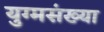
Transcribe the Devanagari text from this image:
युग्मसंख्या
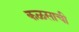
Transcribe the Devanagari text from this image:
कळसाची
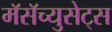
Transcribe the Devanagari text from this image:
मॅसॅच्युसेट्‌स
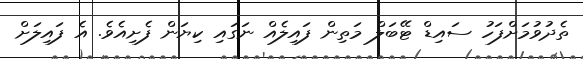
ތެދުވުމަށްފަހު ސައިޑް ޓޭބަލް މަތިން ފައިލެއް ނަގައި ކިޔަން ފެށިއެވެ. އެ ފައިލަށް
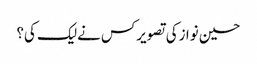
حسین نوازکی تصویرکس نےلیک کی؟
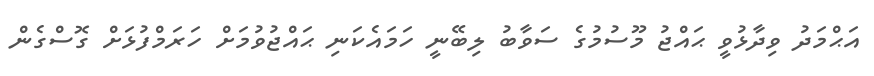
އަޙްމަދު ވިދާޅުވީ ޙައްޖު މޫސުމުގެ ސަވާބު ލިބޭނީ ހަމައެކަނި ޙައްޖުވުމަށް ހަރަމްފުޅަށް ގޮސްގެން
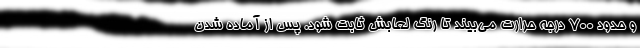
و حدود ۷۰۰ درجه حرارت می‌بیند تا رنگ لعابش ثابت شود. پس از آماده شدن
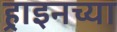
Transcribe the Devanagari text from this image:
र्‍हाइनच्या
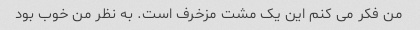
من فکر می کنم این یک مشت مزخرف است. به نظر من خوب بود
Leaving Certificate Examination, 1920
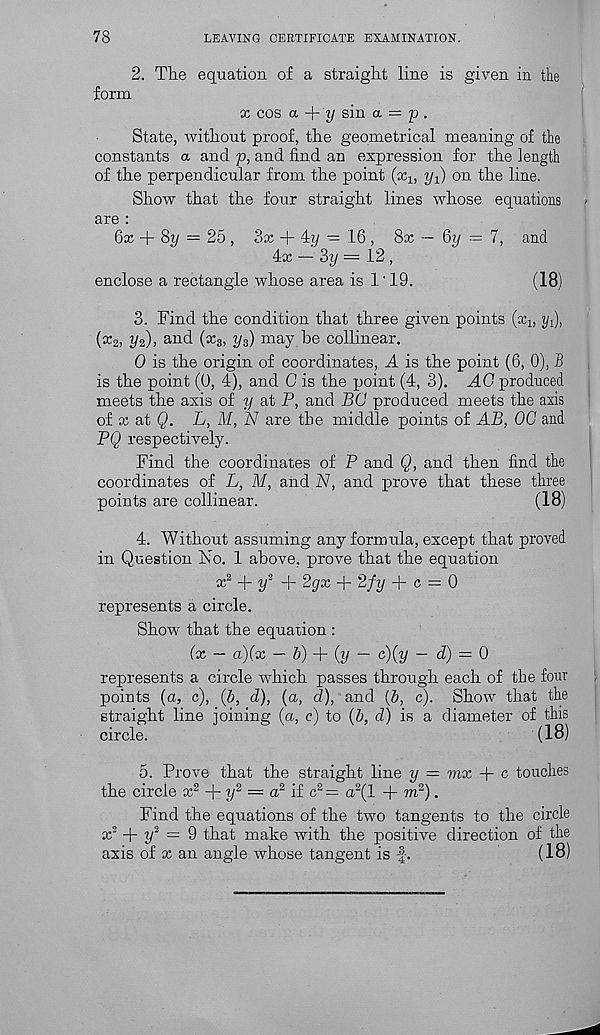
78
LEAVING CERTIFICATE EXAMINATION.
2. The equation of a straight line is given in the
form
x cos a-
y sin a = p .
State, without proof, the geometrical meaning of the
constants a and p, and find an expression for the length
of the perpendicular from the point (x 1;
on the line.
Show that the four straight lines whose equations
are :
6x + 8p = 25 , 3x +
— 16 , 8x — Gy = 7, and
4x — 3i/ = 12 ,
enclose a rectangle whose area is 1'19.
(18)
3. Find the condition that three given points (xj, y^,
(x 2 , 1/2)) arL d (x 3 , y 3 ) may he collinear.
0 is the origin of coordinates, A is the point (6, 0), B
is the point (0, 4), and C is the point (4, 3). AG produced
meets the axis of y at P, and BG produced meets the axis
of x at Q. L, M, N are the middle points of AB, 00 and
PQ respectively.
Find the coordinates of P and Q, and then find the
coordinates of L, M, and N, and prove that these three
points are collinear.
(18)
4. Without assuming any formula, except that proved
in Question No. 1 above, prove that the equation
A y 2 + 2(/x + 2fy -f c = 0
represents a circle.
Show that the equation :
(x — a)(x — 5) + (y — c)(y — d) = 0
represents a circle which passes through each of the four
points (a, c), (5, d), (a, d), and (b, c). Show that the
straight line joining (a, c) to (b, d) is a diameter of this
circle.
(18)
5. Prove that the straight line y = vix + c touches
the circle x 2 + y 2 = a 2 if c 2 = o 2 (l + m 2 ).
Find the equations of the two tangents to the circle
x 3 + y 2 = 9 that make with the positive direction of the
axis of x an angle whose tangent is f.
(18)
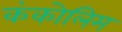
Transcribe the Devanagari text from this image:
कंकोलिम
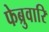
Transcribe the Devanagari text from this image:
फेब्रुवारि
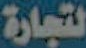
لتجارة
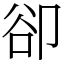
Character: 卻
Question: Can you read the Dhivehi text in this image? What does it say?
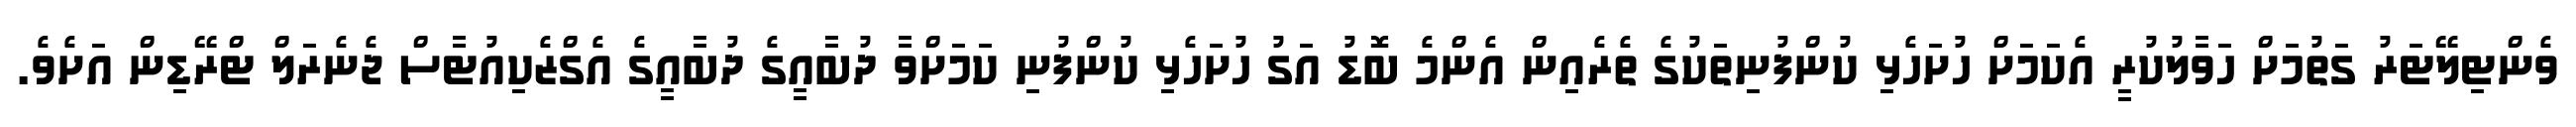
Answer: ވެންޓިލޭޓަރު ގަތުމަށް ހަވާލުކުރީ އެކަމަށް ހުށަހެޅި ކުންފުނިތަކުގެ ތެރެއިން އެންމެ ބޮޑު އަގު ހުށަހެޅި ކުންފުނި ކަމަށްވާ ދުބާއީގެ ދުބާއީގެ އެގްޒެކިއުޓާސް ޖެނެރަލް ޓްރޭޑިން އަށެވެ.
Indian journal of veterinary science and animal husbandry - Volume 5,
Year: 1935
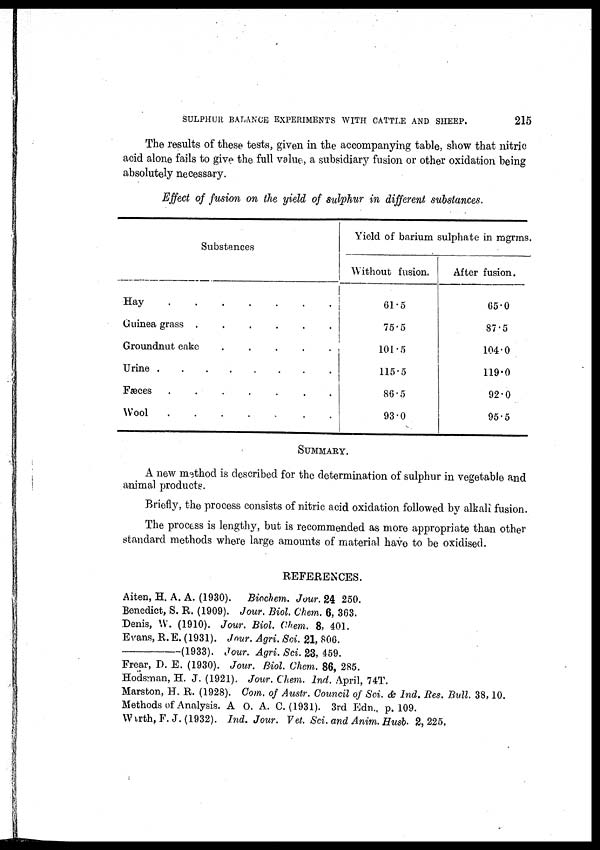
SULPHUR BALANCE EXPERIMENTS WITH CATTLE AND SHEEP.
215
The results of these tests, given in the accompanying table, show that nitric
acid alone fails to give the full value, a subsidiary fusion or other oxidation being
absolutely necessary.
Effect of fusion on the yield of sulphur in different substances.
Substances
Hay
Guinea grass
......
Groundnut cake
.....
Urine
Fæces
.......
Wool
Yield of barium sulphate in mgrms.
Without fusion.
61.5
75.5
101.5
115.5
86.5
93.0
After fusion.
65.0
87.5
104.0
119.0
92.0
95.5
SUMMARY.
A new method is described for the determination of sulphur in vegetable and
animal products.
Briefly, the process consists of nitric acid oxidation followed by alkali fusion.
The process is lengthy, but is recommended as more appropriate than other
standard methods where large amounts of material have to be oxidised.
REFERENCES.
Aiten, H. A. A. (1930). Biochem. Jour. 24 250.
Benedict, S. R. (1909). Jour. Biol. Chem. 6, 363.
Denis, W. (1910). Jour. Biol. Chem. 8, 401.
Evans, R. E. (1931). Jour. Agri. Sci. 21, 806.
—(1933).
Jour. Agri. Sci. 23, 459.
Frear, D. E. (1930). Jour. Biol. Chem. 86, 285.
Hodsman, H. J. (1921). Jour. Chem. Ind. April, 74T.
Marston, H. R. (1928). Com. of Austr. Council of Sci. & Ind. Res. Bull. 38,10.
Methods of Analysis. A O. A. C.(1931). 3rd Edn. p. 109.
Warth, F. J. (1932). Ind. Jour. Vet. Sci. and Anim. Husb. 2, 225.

■ ■ ■

Start with the line above containing "x 3 + y 2 = 9" and end with the line containing "Answer: ވެންޓިލޭޓަރު ގަތުމަށް". Set down that stretch exactly, without any pictures.

**Result of this task:**
x 3 + y 2 = 9 that make with the positive direction of the
axis of x an angle whose tangent is f.
(18)
Transcribe the Devanagari text from this image:
कंकोलिम
Transcribe the Devanagari text from this image:
फेब्रुवारि
لتجارة
Character: 卻
Question: Can you read the Dhivehi text in this image? What does it say?
Answer: ވެންޓިލޭޓަރު ގަތުމަށް ހަވާލުކުރީ އެކަމަށް ހުށަހެޅި ކުންފުނިތަކުގެ ތެރެއިން އެންމެ ބޮޑު އަގު ހުށަހެޅި ކުންފުނި ކަމަށްވާ ދުބާއީގެ ދުބާއީގެ އެގްޒެކިއުޓާސް ޖެނެރަލް ޓްރޭޑިން އަށެވެ.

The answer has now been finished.